- _WHAT YOU SHOULD DO_: Which lines run from the one containing "Title: Sarcophagus and allegorical figures" to the end of the entries? Copy them exactly, both ends included, and give nothing else.

Collected data:
════════════════════

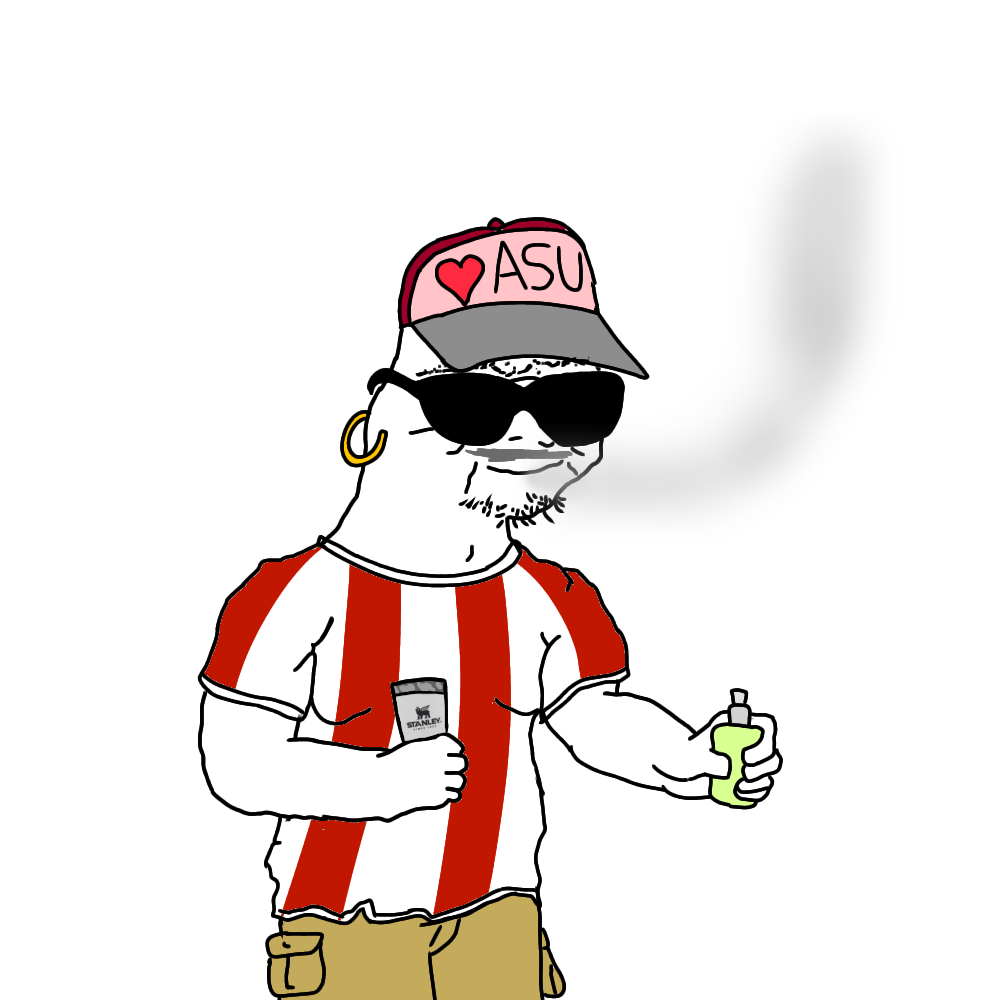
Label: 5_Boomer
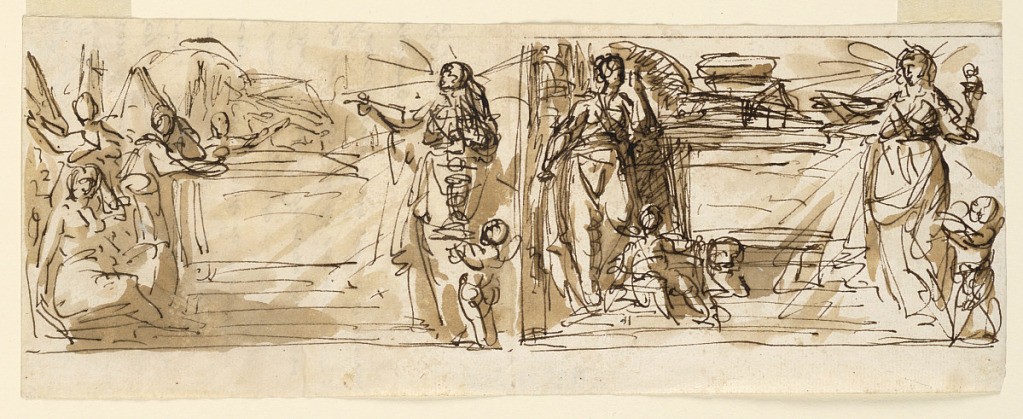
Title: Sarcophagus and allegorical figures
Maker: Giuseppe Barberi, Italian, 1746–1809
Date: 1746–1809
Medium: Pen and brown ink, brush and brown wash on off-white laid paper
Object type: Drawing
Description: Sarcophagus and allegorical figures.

════════════════════

- _RESULT OF THE EXERCISE_:
Title: Sarcophagus and allegorical figures
Maker: Giuseppe Barberi, Italian, 1746–1809
Date: 1746–1809
Medium: Pen and brown ink, brush and brown wash on off-white laid paper
Object type: Drawing
Description: Sarcophagus and allegorical figures.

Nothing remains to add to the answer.